Larger limited companies are called PLCs, or public limited companies, and we're very familiar with them. Most of the things you buy on the High Street will be sold to you by a PLC. Most certainly, your shopping, in the sense of your food and everything else, will be, and your banks are PLCs as well.

So why are those companies a threat to your well-being? Well, they create the risk of something called moral hazard. Moral hazard is the behaviour of a person who undertakes an activity knowing that they won't have to bear all the consequences of their actions.

Sometimes moral hazard is created by things like insurance. In other words, we'll be a bit reckless because we think, well, we've insured against the loss of this particular thing happening. Bashing the car, maybe. Or losing something, so we're risky with regard to where we leave it.

But moral hazard can also be created by limited companies because if the shareholders of a company realise that they do not have to pay its creditors if the company goes bust, they may take more risks than is appropriate.

They'll be reckless because they are not responsible for the money that they are managing, which fundamentally is other people's money.

Let me give you an example. In 2007, the Northern Rock Building Society, by then actually a bank, went bust because its directors had been irresponsible. There's no way around that observation. They had lent people who had applied for mortgages 125 per cent of the value of the properties against which they were lending for the purposes of security. In other words, if you wanted to buy a house which was going to cost £200,000, the Northern Rock Building Society offered you £250,000 in mortgage. It was reckless because they were using other people's money. And that building society ran out of road. It could not pay its creditors. The government had to bail it out.

That was an example of moral hazard. It created the first run on a bank in the UK in a 160 years. But it happens day in day out amongst smaller and sometimes even larger companies. Carillion was a very large trading company, a builder, which went bust because it basically was reckless with regard to its creditor's money.

Smaller companies do this. We know that there are fly-by-night companies who are set up, never have any intention of really paying people, trade for a little while, the owners take the cash and then run, and the money which is owing to the suppliers disappears. This is moral hazard and that's why we need to regulate companies well in this country.

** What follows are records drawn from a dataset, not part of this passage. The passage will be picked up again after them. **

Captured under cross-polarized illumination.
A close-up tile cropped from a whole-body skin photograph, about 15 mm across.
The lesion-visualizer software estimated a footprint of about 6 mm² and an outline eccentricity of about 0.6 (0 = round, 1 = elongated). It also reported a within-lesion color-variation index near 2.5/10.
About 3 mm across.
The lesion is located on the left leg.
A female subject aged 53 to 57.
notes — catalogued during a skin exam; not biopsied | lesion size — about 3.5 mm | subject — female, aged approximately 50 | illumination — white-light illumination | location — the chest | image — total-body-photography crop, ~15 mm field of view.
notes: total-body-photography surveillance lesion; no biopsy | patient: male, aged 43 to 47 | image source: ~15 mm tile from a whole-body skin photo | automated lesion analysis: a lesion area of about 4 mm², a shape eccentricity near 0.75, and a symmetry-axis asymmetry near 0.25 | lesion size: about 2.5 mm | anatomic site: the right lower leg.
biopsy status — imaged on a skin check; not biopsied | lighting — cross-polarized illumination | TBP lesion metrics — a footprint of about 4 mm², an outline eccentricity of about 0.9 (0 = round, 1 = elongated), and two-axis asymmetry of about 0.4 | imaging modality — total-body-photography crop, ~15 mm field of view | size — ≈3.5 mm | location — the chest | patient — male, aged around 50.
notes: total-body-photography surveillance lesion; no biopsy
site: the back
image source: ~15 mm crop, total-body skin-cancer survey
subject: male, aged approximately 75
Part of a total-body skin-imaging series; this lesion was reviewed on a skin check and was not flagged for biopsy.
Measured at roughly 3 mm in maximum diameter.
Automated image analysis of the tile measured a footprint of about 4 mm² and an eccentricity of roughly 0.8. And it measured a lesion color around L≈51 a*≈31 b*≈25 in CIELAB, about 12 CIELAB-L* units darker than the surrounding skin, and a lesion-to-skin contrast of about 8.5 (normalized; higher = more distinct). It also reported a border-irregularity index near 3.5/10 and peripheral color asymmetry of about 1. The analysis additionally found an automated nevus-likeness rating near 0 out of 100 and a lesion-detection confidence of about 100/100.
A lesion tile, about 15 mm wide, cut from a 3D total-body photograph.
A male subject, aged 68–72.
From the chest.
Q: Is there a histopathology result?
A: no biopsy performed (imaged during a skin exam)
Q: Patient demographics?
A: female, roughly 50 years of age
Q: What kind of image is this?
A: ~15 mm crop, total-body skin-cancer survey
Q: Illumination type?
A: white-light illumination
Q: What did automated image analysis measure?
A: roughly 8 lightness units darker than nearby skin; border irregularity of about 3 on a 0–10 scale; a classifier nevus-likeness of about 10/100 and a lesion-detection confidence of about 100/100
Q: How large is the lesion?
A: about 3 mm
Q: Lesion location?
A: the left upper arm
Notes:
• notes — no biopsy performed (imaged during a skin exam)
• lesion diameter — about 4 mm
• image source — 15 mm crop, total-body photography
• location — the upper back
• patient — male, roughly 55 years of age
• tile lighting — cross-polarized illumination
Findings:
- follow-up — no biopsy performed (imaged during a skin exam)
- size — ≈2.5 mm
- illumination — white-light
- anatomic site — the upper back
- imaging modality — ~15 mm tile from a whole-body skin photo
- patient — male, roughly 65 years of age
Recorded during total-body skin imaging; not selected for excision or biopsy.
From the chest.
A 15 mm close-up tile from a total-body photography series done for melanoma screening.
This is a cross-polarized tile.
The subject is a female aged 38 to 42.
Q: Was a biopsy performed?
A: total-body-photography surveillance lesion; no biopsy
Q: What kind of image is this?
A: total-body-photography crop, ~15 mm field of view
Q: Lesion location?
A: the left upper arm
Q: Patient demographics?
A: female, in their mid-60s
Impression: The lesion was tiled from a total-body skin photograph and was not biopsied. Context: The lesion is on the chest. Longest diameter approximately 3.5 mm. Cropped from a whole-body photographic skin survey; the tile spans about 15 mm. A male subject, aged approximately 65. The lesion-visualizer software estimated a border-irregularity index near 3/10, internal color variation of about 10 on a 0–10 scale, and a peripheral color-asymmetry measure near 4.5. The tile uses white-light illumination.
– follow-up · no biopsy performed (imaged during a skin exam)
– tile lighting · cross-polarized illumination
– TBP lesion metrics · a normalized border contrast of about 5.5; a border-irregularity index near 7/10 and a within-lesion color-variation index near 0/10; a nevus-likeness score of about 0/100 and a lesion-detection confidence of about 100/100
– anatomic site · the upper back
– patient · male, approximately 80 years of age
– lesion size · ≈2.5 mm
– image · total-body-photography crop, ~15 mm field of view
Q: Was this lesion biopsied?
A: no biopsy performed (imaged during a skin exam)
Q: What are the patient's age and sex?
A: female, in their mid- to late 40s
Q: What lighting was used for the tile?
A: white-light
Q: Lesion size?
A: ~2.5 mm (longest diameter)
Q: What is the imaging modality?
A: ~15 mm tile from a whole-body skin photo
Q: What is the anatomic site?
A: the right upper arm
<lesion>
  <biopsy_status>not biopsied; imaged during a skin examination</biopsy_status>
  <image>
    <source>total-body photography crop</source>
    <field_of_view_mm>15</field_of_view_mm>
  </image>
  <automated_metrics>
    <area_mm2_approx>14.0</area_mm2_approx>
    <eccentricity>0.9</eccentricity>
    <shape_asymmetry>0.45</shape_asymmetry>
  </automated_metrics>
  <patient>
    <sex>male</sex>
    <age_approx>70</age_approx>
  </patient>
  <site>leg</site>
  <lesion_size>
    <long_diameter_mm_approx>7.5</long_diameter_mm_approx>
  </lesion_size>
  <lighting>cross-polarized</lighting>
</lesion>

We don't regulate companies well. We let people have companies by paying just £12 online to form one. We don't require proof of identities. We don't require that they file their accounts if they disappear fairly quickly. We don't know anything about them. And all of that is an environment that creates risk.

I don't know why we put up with that. Limited companies should be much better regulated than they are because otherwise they impose a cost on you, me and everyone else in the country, because some people, let's be blunt, can't be trusted and give them the opportunity to exploit somebody else and they accept the moral hazard that they are being faced with.

They take the risks, they leave somebody else to bear the consequences, and that is unacceptable.